A common response to this problem is to argue for more and better training in statistics. This is undoubtedly needed, but it ignores the deeper problem, which is the incentive structure created by journals, funders and higher education institutions. All of these emphasise the value of novel, groundbreaking research. If you have just spent three years running a study and you find a series of null results, you know that the likelihood of it’s being publishable is low. It becomes very tempting, therefore, to drop most of the variables in the study and to focus on just those with a “significant” p-value.
To many researchers, this doesn’t feel like fraud because they aren’t making anything up: everything they report is true. But it is fraud because the interpretation of the statistics is completely different if the full picture is presented.

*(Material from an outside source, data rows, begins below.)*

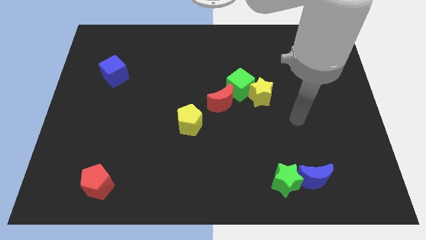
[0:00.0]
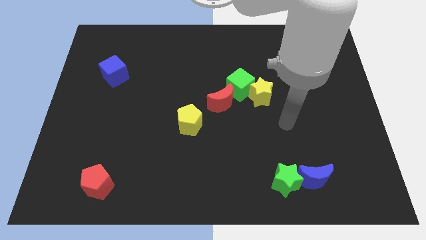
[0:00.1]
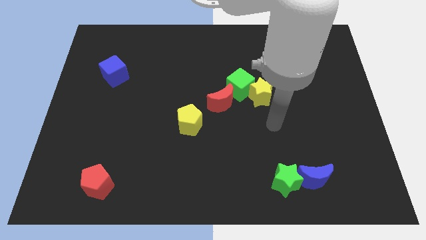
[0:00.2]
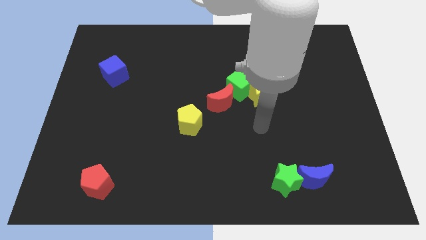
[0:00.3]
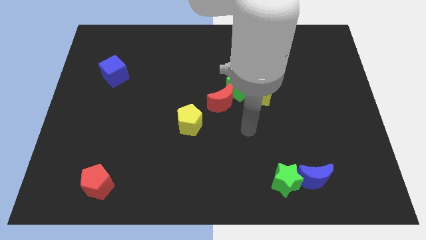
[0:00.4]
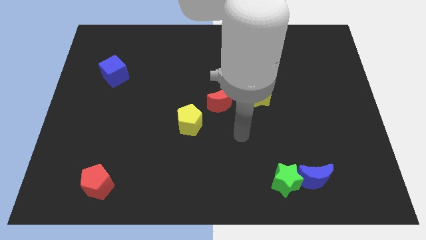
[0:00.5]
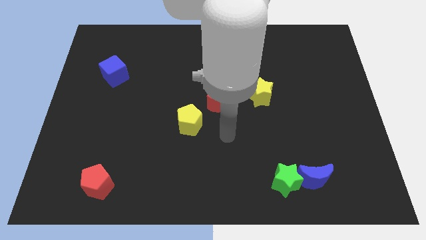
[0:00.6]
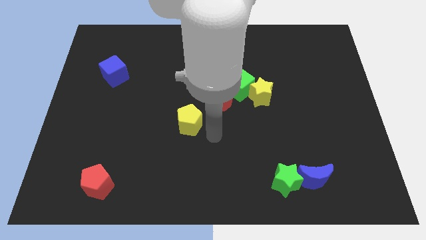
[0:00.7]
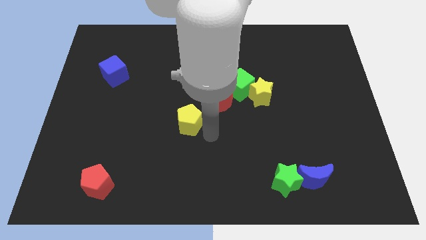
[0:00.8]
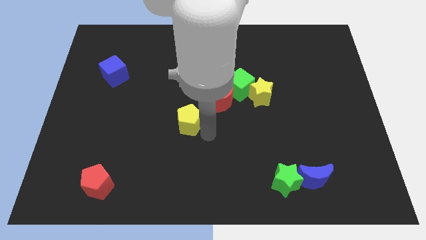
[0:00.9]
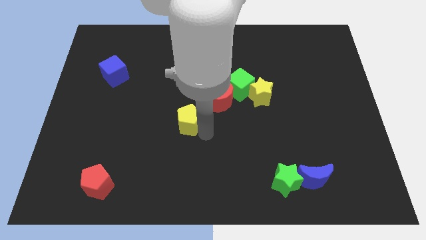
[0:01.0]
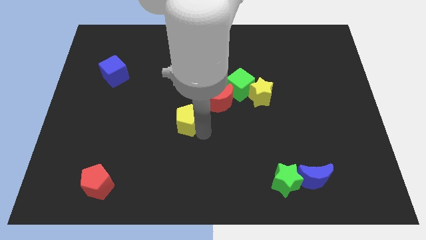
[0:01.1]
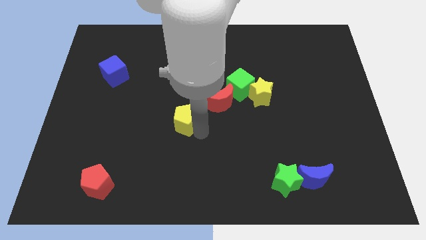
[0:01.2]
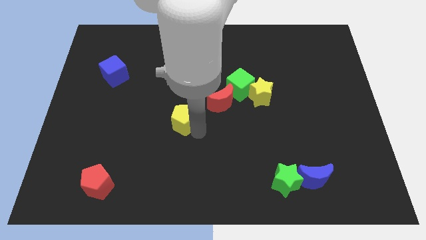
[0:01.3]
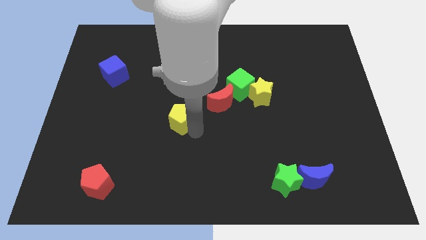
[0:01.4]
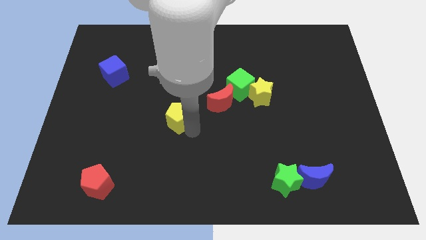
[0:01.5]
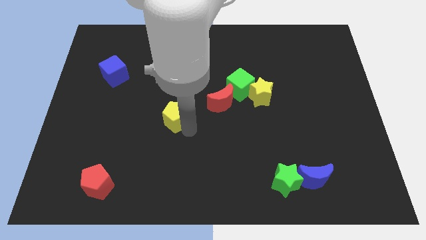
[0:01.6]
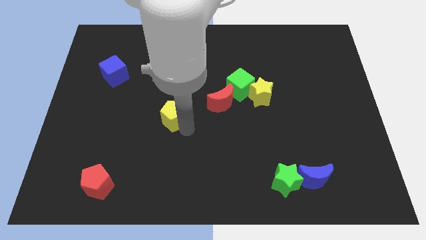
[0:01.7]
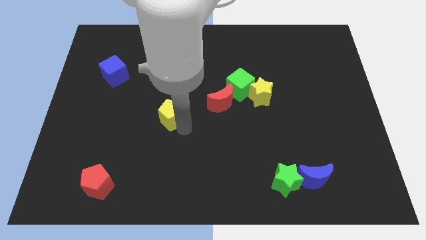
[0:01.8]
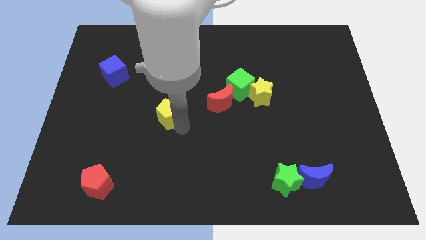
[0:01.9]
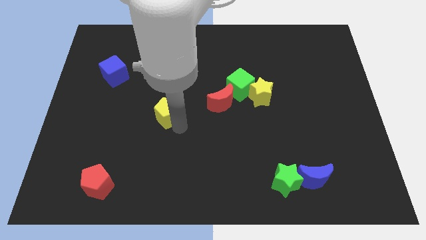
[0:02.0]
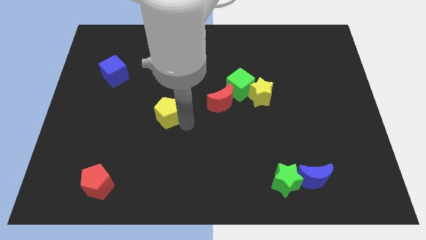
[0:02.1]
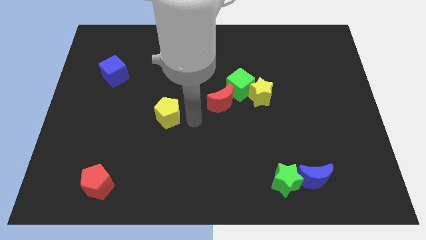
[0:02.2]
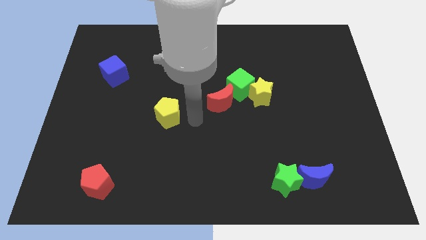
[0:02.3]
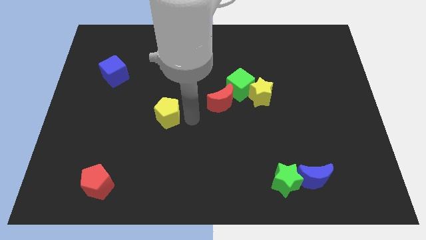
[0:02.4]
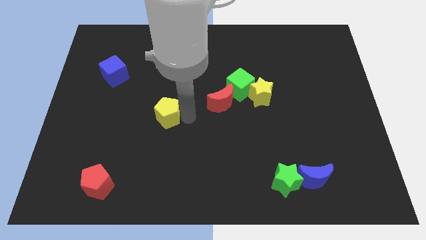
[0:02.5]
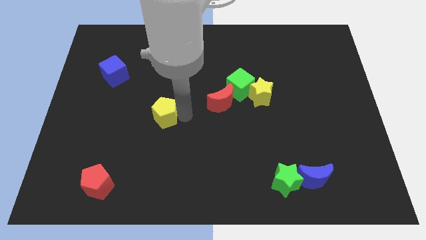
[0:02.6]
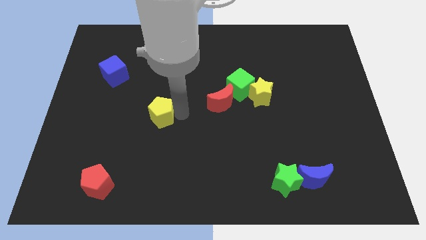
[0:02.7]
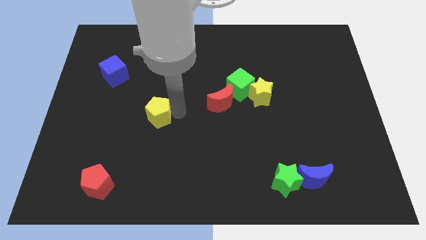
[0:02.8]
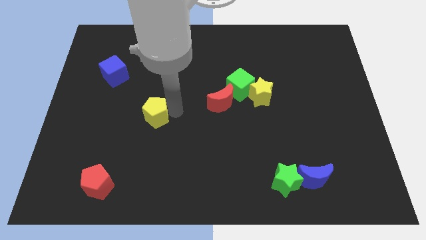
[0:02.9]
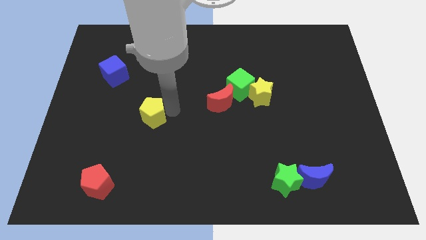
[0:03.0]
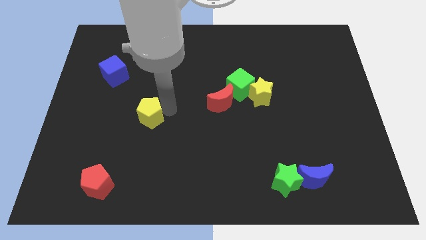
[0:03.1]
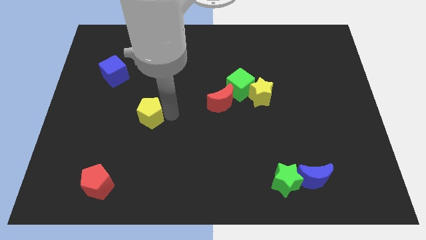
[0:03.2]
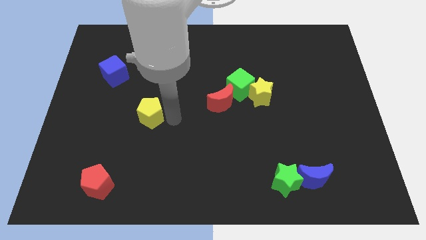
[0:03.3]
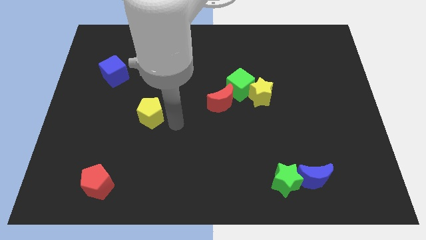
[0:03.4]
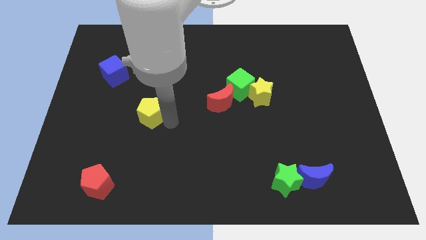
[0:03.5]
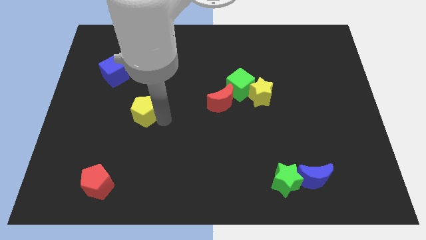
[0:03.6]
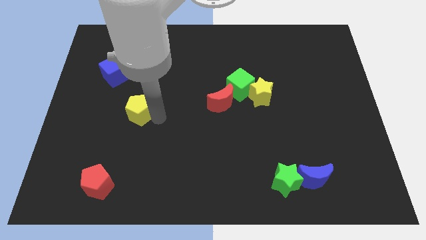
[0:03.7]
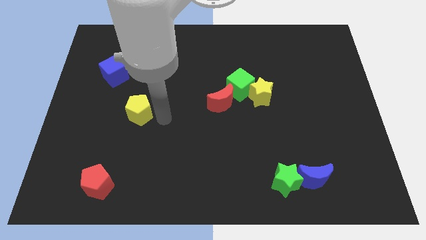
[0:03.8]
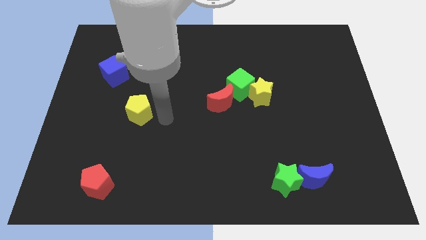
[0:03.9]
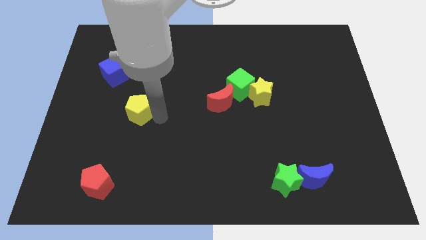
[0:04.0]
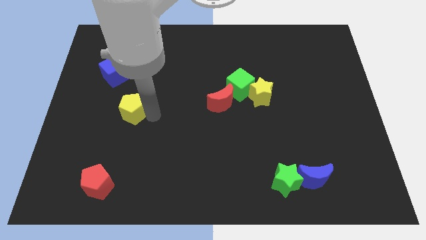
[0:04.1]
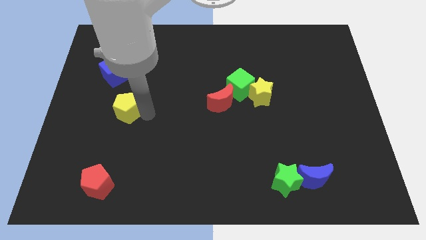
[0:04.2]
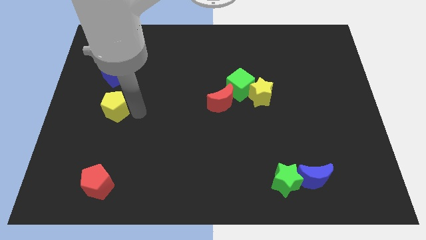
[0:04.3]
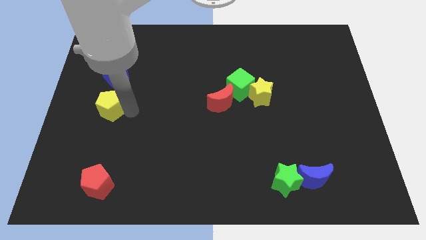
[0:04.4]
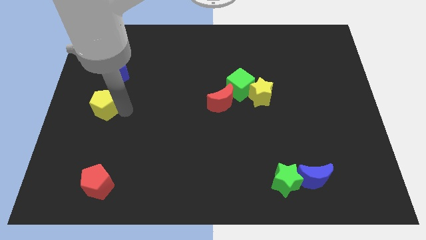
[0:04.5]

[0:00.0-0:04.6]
push the yellow pentagon to the left side

The incentives provided by funders pile further pressure on researchers to distort their results. The term “incremental” is the death knell for a research proposal. In the US, the National Institutes of Health moved explicitly away from a focus on methodology to a focus on innovation. But is this wise? Yes, we need creative individuals who will advance their topic in new directions, but there are some areas of research that require years of sustained work to come to fruition – with many failures and wrong turnings along the way.
In her talk at the Royal Society meeting, Ottoline Leyser, director of the University of Cambridge’s Sainsbury Laboratory, noted that today’s early career researchers are made to think that the only way they can get a secure job is to come up with a totally original idea that not only turns out to be valid and leads to a publication in Nature or Science, but which then also leads to a spin-off company that turns it into a real-world application that will dramatically alter people’s lives. If you love science but are told that this is the route to success, then misery and conflict ensues: either you cut corners to achieve exciting results, or you leave the field. Doing careful studies with uncertain outcomes over a period of years does not seem to be an option.
For things to change, we need to alter the incentive structure, as well as focusing on better training in methods. Researchers have to feel that they will be rewarded for doing reproducible research. Yes, we want new and exciting findings, but if they are not reproducible, then they are worse than useless. Trying to build on a hyped, unreliable result is like trying to build a house on a foundation of quicksand: expensive, demoralising and wasteful.
Dorothy Bishop is professor of developmental neuropsychology at the University of Oxford.